And even more so, be fully aware that both penis and vagina, and everything in-between or outside of that, develops from the same basic organs. Look up “gonads” for more information on that. But fun facts:
# Testicles developed from gonads, just as ovaries did, one moved down, one moved up.
# The scrotum is just fused labia (and you can see a faint line where they merged, too) and a penis is just a really huge clitoris (yepp, even the corpus cavernosum is the same, just differing in size).
# Many people with a penis and no vaginal opening do experience a “phantom vagina”, that is they can feel where it would be and even how it would extend up into their bodies, even though it’s not physically there.

8. Referring to “scientific language”.

There is this notion that whatever terms and concepts are used in a “scientific” context, by “scientists”, medical personnel, etc were neutral or objective in contrast to everyday language. This is decidedly not true. A huge factor there is scientism, the belief that science overall spells the truth and is not affected by social constructs and normative projections.

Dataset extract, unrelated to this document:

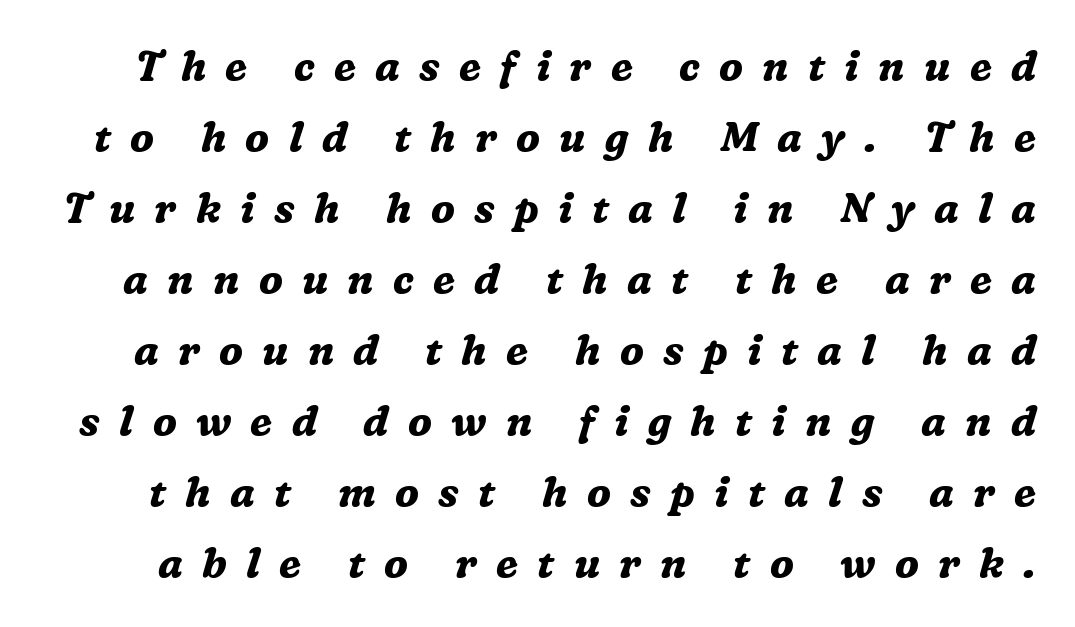
{"serif": "yes", "italic": "yes", "lean": "right", "slant_degrees": 16, "bold": "yes", "weight": "bold", "width": "normal", "stroke_contrast": "medium", "x_height": "medium", "monospaced": "no", "underline": "no", "line_spacing_ratio": 1.73, "letter_spacing": "wide", "letter_spacing_em": 0.47, "glyph_px": 41}
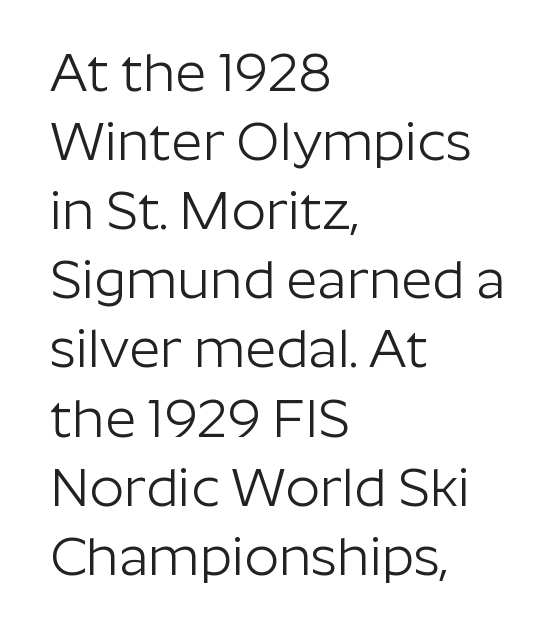
The image shows 54 px light sans-serif type, upright; set left-aligned, normal line spacing (1.28x), normal letter spacing, not underlined; low stroke contrast and a medium x-height.
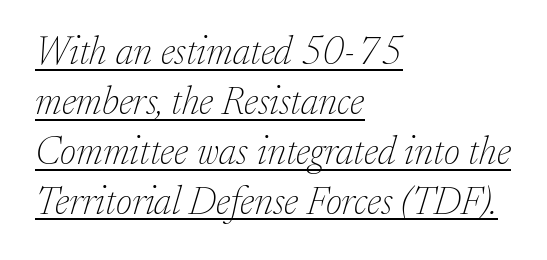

And the effect is especially noticeable in cis people, as they’re used to scientific or medical terms for their bodies, genitals and gender being distinct from their everyday language (which is all too often riddled with taboos in the first place) and as such perceived as neutral, technical, objective, not socially constructed, but purely based on “biological facts”.

But science and scientists that deal with gender, bodies, “biology”, medicine, etc, are not removed from social constructs or contexts and it’s people — and overwhelmingly cis people at that — that coined that language and introduced all their own biases, misconceptions, social constructs and projections. But it’s that claim to objectivity that is perpetuated by and associated with terms like “science”, “biology”, “medicine”, etc that masks this fact, although each of those have a long history of not only sheepishly playing along to oppressive and normative notions and social constructs, but also actively trying to prove them right.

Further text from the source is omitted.